Trans pride in the spotlight at 2nd annual Riot Party in S.F.
Trans pride in the spotlight at 2nd annual Riot Party in S.F. 02:18

SAN FRANCISCO -- The transgender community commemorated a historic event that took place more than 50 years ago in the Tenderloin on Sunday. It would prove to be a milestone in the LGBTQ rights movement. 

Dapper Dan Midas was just one of more than a dozen performers from across the country at the Riot Party - a fundraiser for the transgender district. 

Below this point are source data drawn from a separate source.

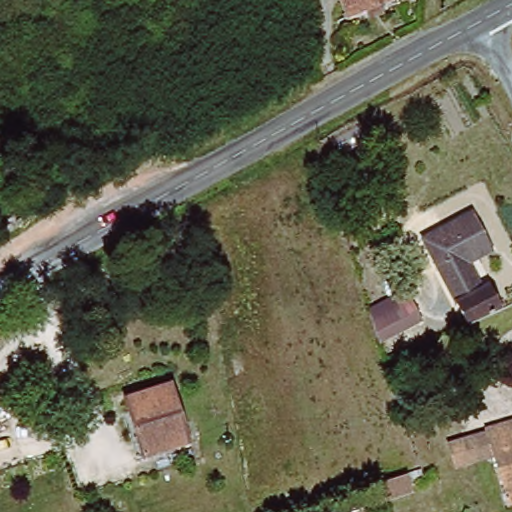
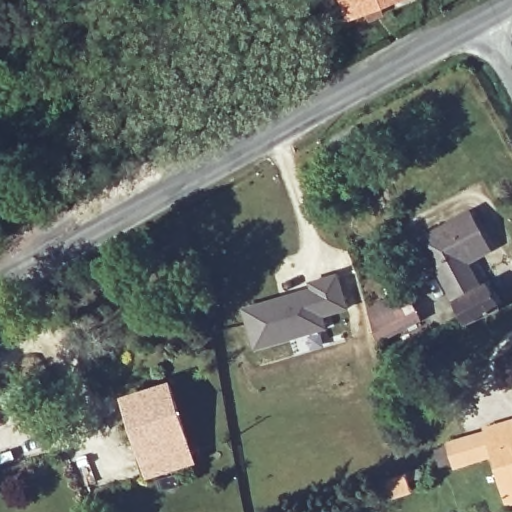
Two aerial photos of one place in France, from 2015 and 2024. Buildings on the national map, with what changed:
unchanged [(349,24),(336,0),(387,0),(381,4),(349,24)]
unchanged [(490,285),(502,306),(469,324),(424,247),(474,221),(491,251),(469,265),(483,288),(490,285)]
new [(289,293),(338,273),(348,311),(325,318),(327,330),(253,353),(240,308),(289,293)]
unchanged [(375,318),(406,300),(422,326),(391,346),(375,318)]
unchanged [(190,444),(140,460),(123,402),(173,388),(190,444)]
unchanged [(504,489),(494,450),(464,457),(458,438),(489,430),(488,424),(512,419),(512,499),(507,500),(504,489)]
unchanged [(407,500),(379,507),(373,489),(403,482),(407,500)]

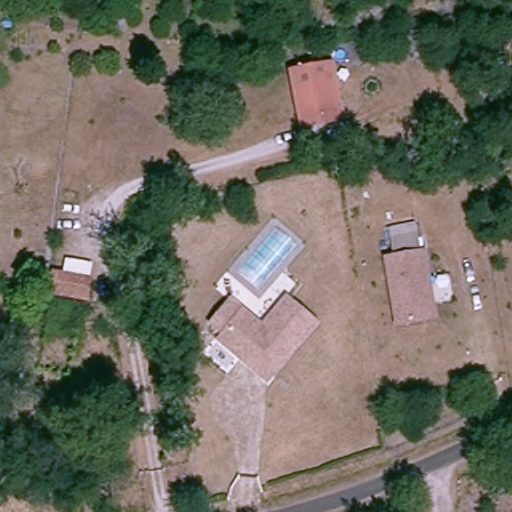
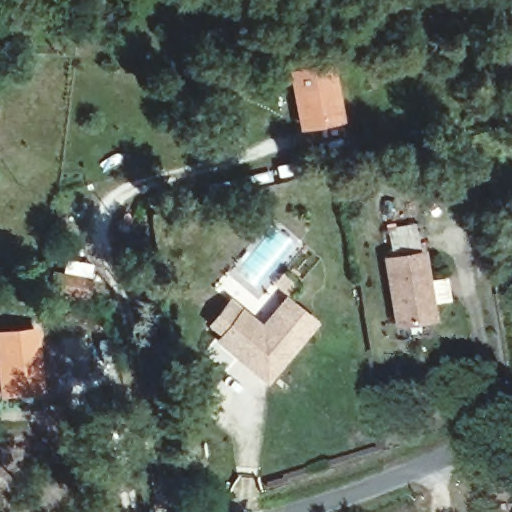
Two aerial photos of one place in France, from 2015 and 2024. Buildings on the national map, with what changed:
unchanged [(303,129),(289,79),(325,70),(338,120),(334,121),(303,129)]
unchanged [(423,243),(436,309),(399,316),(386,250),(423,243)]
unchanged [(43,291),(48,269),(63,272),(66,256),(93,262),(87,301),(43,291)]
unchanged [(215,343),(240,315),(259,331),(283,301),(313,325),(264,383),(215,343)]
new [(36,325),(46,395),(0,400),(0,329),(36,325)]

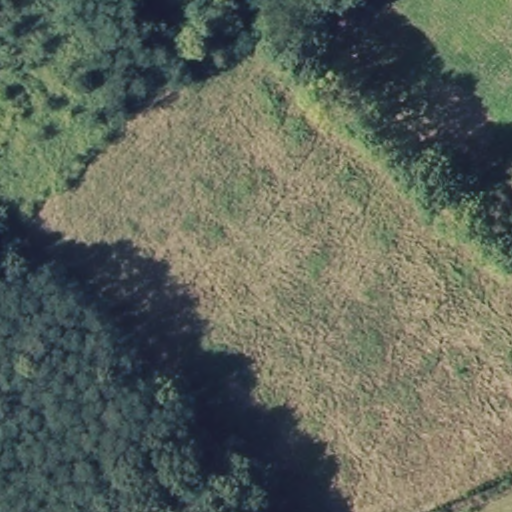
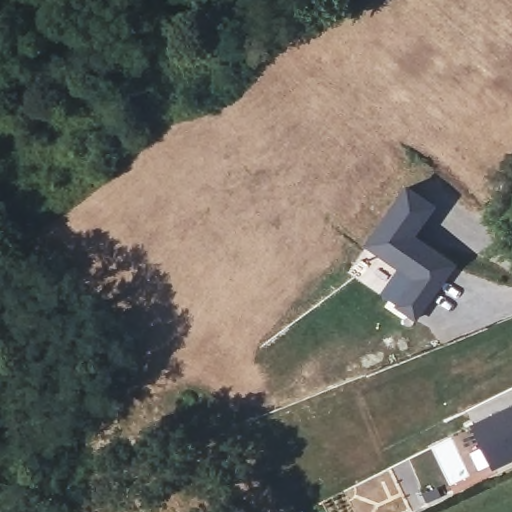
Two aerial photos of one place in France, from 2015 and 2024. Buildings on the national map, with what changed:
new [(438,206),(418,234),(458,264),(416,322),(395,307),(414,280),(364,246),(408,185),(438,206)]
new [(493,467),(475,426),(512,408),(512,458),(493,467)]

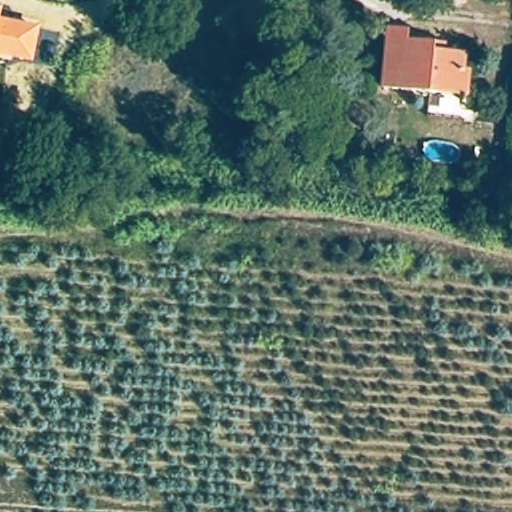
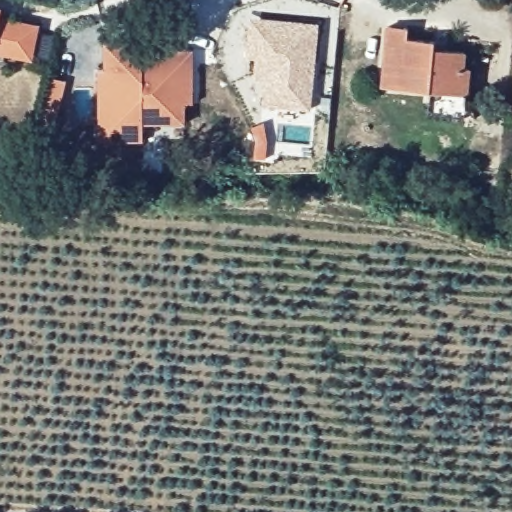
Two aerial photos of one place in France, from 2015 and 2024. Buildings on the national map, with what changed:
unchanged [(0,56),(0,8),(3,9),(0,18),(41,26),(33,63),(0,56)]
new [(249,15),(319,23),(310,110),(259,104),(260,83),(254,82),(256,59),(243,58),(249,15)]
unchanged [(407,39),(434,41),(434,49),(464,52),(463,68),(471,69),(469,95),(382,88),(388,26),(408,28),(407,39)]
new [(103,70),(104,43),(145,45),(145,50),(193,51),(192,104),(184,103),(182,125),(143,124),(143,143),(98,142),(98,70),(103,70)]
new [(264,123),(267,141),(266,160),(251,159),(253,139),(248,127),(264,123)]

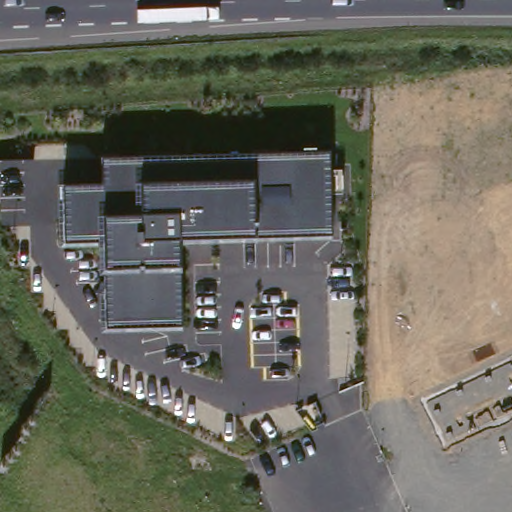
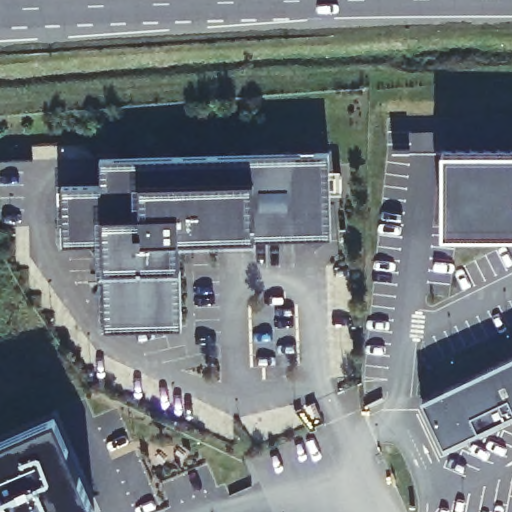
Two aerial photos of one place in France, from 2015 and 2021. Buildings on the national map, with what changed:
unchanged [(329,234),(177,240),(178,265),(179,326),(106,329),(104,272),(103,240),(62,242),(61,190),(104,189),(103,161),(328,154),(329,234)]
new [(512,164),(512,239),(447,238),(448,164),(512,164)]
new [(512,418),(438,455),(416,411),(512,362),(512,418)]
new [(68,444),(97,512),(0,512),(0,473),(68,444)]

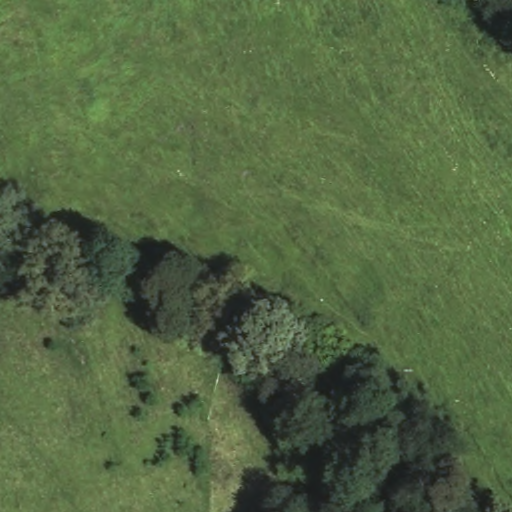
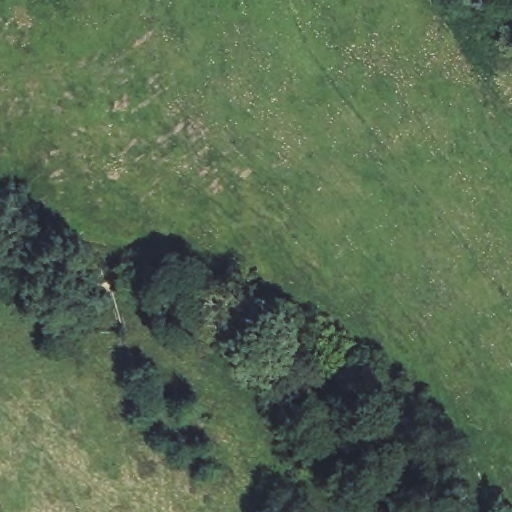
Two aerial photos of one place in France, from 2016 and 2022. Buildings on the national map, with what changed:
[]

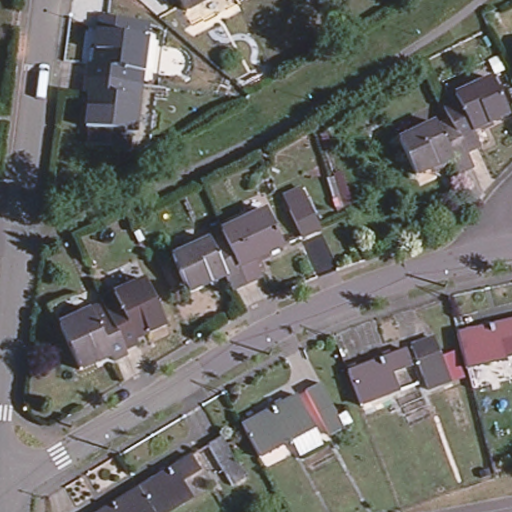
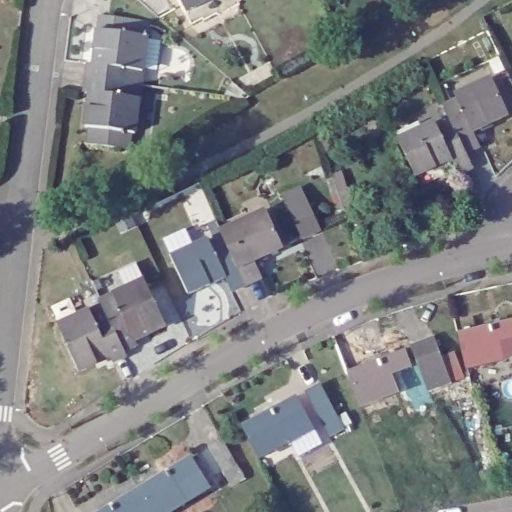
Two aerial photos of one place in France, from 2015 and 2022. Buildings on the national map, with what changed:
unchanged [(175,0),(207,0),(183,13),(175,0)]
unchanged [(145,95),(91,88),(92,74),(101,75),(102,63),(97,63),(100,41),(101,42),(103,29),(150,34),(149,48),(150,48),(145,95)]
unchanged [(443,106),(457,99),(455,95),(491,78),(508,113),(470,131),(477,145),(464,152),(450,119),(443,106)]
unchanged [(91,152),(93,136),(90,136),(91,115),(96,115),(98,104),(90,103),(91,88),(145,95),(140,141),(137,141),(136,156),(136,158),(91,152)]
unchanged [(457,175),(450,160),(414,177),(397,138),(432,122),(434,126),(450,119),(464,152),(471,167),(457,175)]
unchanged [(308,241),(290,200),(308,191),(326,232),(308,241)]
unchanged [(222,228),(267,208),(284,244),(255,258),(262,276),(246,283),(225,234),(222,228)]
unchanged [(171,254),(208,237),(210,241),(225,234),(246,283),(230,290),(225,276),(189,292),(171,254)]
unchanged [(100,300),(145,281),(164,326),(146,334),(145,331),(131,337),(135,346),(122,352),(102,305),(100,300)]
unchanged [(478,320),(456,325),(451,305),(473,299),(478,320)]
unchanged [(123,355),(109,361),(105,351),(93,356),(95,360),(77,368),(58,323),(102,305),(122,352),(123,355)]
unchanged [(502,320),(512,318),(512,359),(511,359),(509,348),(502,320)]
unchanged [(444,371),(436,336),(495,323),(499,338),(503,358),(483,362),(444,371)]
unchanged [(410,350),(431,343),(446,385),(426,392),(410,350)]
unchanged [(360,407),(346,374),(403,353),(408,368),(416,386),(395,394),(360,407)]
unchanged [(309,398),(323,392),(336,421),(322,427),(309,398)]
unchanged [(300,413),(310,431),(292,441),(258,460),(240,428),(293,400),(300,413)]
unchanged [(235,493),(226,478),(211,453),(225,445),(239,471),(247,485),(235,493)]
unchanged [(189,459),(197,473),(180,484),(190,501),(172,512),(149,512),(136,491),(189,459)]
unchanged [(136,491),(149,512),(101,512),(136,491)]

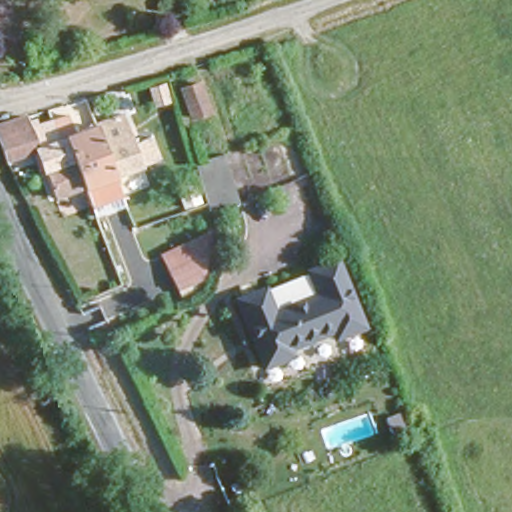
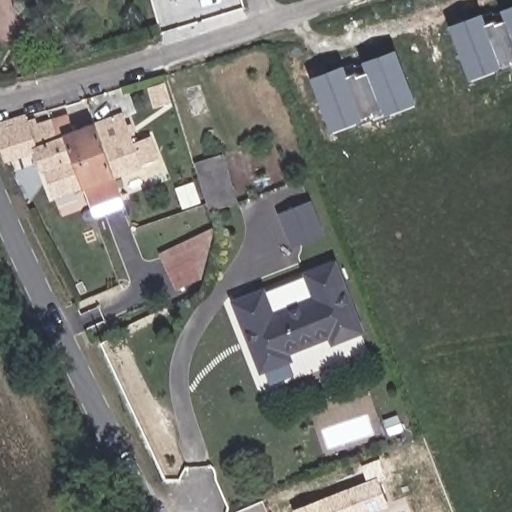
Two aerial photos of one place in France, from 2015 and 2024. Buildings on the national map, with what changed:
new [(171,1),(171,0),(174,0),(171,1)]
new [(510,66),(496,72),(495,70),(470,80),(449,25),(482,12),(486,24),(493,21),(494,23),(504,20),(500,10),(512,5),(512,69),(510,66)]
new [(389,113),(390,116),(374,122),(372,119),(358,125),(357,123),(331,132),(311,77),(344,64),(348,76),(356,73),(357,75),(365,72),(362,61),(396,49),(416,104),(389,113)]
unchanged [(171,93),(197,85),(208,120),(183,128),(171,93)]
unchanged [(137,137),(152,133),(159,156),(116,172),(96,122),(128,111),(137,137)]
unchanged [(66,113),(71,131),(96,122),(116,172),(123,190),(91,203),(85,185),(68,140),(58,142),(50,118),(66,113)]
unchanged [(0,121),(24,114),(26,121),(33,118),(34,123),(50,118),(58,142),(68,140),(85,185),(53,196),(34,147),(4,157),(0,145),(0,121)]
unchanged [(194,163),(222,154),(238,205),(210,212),(207,205),(194,163)]
unchanged [(177,291),(168,274),(193,260),(205,278),(177,291)]
unchanged [(260,368),(232,299),(332,260),(360,332),(331,342),(326,331),(285,346),(289,358),(260,368)]
new [(379,478),(388,506),(373,512),(293,512),(293,510),(379,478)]

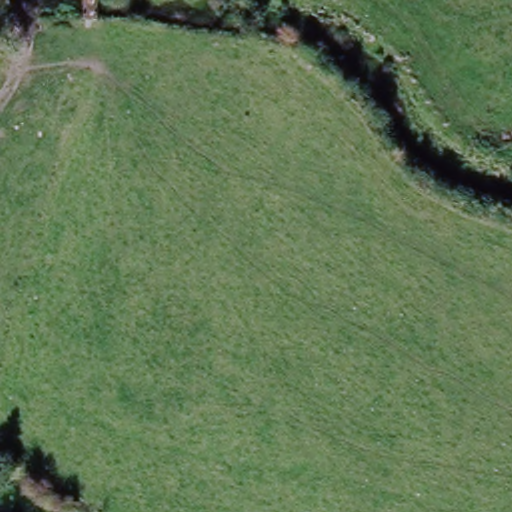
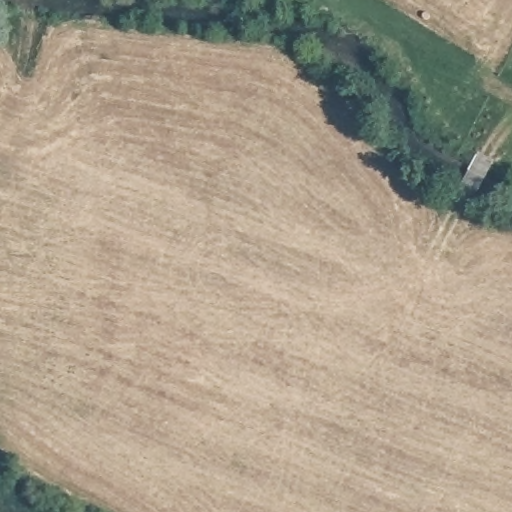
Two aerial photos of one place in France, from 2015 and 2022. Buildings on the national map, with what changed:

"We wanted to create a space to celebrate transgender and queer artists in the music industry," said Co-founder and president of The Transgender District Aria Sa'id.  "Often times, trans artists are not prioritized and yet a lot of the cultural contributions that we make end up in pop culture with popular artists that we all know and love who sort of borrow from our work. And why not create an event that centers their artwork and their music."

The Riot Party also commemorated the Compton's Cafeteria riot of 1966, the first large-scale uprising of trans and queer people in the US, according to Sa'id. 

"Police would often raid bars, restaurants and clubs that queer and trans people would frequent, and in this case, the owner of the Compton's Cafeteria called the police on many trans and gender non-conforming patrons and the trans folks and queer folks fought back," Sa'id said. 

Many attendees heard artists like R&B singer ASTU for the first time. 

Sara Abrams of Palo Alto is a trans woman.

"It's awesome to see that many non-gender conforming artists out there it's just like, I mean I don't know about all these different artists and things, so it's something I'm learning and hopefully other people are learning about them too and everything. Trans people are everywhere, they do everything that cis people do," said Abrams. 

Proceeds from the event go toward the Transgender District's mission to economically empower the transgender community through ownership of homes, businesses, and safe community spaces.

Kyra Gaines is visiting from Tacoma, Washington.

"It feels so good especially coming from an environment, where I don't get to see a lot of people like me, I just feel at home and just so safe and protected and celebrated and it's just really meaningful and valuable to have a space like this," said Gaines.